TASK INSTRUCTIONS. Search the material below for the word "none". Copy every line where it is found.

....

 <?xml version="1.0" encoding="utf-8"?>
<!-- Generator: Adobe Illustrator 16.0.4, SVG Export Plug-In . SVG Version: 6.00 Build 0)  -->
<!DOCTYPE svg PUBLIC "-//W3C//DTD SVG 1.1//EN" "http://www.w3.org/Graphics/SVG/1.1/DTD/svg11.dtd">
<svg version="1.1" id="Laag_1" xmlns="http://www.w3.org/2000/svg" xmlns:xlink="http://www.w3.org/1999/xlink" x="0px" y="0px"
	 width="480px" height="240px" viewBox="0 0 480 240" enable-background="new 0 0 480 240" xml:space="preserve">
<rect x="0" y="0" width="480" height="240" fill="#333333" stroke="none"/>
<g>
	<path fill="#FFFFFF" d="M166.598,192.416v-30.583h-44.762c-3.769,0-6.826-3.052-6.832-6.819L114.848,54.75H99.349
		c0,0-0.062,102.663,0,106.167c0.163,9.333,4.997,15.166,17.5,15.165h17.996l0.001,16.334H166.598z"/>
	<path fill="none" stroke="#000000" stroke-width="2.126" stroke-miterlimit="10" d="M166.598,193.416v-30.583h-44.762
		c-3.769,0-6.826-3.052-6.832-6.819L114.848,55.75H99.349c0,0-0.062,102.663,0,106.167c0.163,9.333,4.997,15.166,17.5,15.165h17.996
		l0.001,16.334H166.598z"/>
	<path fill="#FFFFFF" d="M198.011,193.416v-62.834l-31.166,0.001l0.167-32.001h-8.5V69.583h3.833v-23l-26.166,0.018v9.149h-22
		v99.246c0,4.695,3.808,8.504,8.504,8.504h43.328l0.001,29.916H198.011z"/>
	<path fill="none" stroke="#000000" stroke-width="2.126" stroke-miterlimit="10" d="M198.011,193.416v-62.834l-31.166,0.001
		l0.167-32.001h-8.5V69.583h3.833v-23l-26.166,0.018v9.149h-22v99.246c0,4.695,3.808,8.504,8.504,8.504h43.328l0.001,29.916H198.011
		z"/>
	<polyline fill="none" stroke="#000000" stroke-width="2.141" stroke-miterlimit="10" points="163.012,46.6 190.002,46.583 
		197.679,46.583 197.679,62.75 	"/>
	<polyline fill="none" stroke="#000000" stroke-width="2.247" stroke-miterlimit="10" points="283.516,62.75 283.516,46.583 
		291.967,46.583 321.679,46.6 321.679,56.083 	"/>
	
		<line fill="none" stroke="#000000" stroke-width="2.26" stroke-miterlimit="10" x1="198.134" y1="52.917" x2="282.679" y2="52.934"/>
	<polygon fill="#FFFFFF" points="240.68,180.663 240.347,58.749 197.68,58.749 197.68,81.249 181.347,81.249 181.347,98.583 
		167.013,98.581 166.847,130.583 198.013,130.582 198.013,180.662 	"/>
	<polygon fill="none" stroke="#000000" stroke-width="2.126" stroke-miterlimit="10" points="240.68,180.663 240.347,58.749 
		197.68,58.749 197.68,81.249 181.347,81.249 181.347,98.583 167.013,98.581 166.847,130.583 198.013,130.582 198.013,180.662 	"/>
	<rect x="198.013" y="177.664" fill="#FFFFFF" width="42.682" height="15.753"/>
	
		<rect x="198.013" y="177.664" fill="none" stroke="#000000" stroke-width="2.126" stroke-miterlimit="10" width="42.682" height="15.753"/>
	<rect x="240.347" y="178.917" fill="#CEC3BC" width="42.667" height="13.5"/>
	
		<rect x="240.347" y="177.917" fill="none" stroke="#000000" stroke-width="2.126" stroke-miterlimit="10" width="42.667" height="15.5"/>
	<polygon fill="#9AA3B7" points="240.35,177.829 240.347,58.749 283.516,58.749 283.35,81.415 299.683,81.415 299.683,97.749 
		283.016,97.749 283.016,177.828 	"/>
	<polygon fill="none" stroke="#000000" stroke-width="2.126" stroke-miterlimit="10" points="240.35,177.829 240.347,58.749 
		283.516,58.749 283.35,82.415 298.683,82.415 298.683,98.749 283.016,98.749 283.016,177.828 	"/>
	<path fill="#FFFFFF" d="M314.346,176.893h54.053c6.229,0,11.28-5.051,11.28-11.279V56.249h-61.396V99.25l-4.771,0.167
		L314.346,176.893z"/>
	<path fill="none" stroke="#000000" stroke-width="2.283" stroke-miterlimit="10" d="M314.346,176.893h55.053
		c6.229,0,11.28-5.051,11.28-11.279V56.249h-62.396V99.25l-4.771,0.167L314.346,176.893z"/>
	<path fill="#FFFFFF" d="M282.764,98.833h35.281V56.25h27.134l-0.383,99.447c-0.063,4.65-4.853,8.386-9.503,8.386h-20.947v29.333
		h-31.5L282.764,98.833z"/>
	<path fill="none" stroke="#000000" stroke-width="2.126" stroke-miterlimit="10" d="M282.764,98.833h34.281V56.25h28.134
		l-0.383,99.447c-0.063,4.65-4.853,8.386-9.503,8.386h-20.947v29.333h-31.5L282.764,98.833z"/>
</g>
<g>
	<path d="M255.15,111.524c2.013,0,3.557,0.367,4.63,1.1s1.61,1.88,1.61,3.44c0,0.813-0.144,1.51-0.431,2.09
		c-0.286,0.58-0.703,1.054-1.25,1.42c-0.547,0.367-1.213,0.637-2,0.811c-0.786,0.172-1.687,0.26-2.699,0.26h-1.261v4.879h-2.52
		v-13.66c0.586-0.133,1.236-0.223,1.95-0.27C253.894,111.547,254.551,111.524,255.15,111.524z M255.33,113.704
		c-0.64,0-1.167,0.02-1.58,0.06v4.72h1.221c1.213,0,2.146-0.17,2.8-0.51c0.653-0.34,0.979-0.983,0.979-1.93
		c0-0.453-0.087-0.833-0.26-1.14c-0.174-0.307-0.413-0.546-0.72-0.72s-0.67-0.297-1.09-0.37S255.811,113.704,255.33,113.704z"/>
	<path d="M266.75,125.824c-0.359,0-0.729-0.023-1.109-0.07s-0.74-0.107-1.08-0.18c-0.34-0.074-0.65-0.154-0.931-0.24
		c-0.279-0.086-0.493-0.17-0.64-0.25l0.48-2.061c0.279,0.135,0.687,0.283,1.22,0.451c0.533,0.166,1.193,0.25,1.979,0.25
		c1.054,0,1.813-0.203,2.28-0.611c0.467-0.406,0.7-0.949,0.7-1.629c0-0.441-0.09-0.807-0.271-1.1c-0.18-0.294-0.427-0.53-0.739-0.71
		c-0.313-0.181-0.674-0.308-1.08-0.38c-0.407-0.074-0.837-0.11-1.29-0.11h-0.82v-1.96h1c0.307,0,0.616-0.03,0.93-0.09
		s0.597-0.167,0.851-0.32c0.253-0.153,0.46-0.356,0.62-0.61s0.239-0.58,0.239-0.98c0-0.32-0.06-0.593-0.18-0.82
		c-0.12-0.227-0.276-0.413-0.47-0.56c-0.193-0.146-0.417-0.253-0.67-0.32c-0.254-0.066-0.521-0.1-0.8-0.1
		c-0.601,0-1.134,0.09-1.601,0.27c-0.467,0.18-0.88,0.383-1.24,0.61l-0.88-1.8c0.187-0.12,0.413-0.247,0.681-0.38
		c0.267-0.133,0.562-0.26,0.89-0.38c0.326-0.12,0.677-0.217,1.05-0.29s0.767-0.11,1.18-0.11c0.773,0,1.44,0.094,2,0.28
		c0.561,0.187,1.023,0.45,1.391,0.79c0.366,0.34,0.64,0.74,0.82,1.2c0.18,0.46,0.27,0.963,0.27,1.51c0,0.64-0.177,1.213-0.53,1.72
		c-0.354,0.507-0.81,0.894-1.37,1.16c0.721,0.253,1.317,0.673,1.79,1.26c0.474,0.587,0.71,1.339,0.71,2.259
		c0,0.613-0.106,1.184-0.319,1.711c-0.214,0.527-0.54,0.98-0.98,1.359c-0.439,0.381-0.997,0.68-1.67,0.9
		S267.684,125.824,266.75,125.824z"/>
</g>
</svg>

....

EXERCISE ANSWER.
<rect x="0" y="0" width="480" height="240" fill="#333333" stroke="none"/>
	<path fill="none" stroke="#000000" stroke-width="2.126" stroke-miterlimit="10" d="M166.598,193.416v-30.583h-44.762
	<path fill="none" stroke="#000000" stroke-width="2.126" stroke-miterlimit="10" d="M198.011,193.416v-62.834l-31.166,0.001
	<polyline fill="none" stroke="#000000" stroke-width="2.141" stroke-miterlimit="10" points="163.012,46.6 190.002,46.583 
	<polyline fill="none" stroke="#000000" stroke-width="2.247" stroke-miterlimit="10" points="283.516,62.75 283.516,46.583 
		<line fill="none" stroke="#000000" stroke-width="2.26" stroke-miterlimit="10" x1="198.134" y1="52.917" x2="282.679" y2="52.934"/>
	<polygon fill="none" stroke="#000000" stroke-width="2.126" stroke-miterlimit="10" points="240.68,180.663 240.347,58.749 
		<rect x="198.013" y="177.664" fill="none" stroke="#000000" stroke-width="2.126" stroke-miterlimit="10" width="42.682" height="15.753"/>
		<rect x="240.347" y="177.917" fill="none" stroke="#000000" stroke-width="2.126" stroke-miterlimit="10" width="42.667" height="15.5"/>
	<polygon fill="none" stroke="#000000" stroke-width="2.126" stroke-miterlimit="10" points="240.35,177.829 240.347,58.749 
	<path fill="none" stroke="#000000" stroke-width="2.283" stroke-miterlimit="10" d="M314.346,176.893h55.053
	<path fill="none" stroke="#000000" stroke-width="2.126" stroke-miterlimit="10" d="M282.764,98.833h34.281V56.25h28.134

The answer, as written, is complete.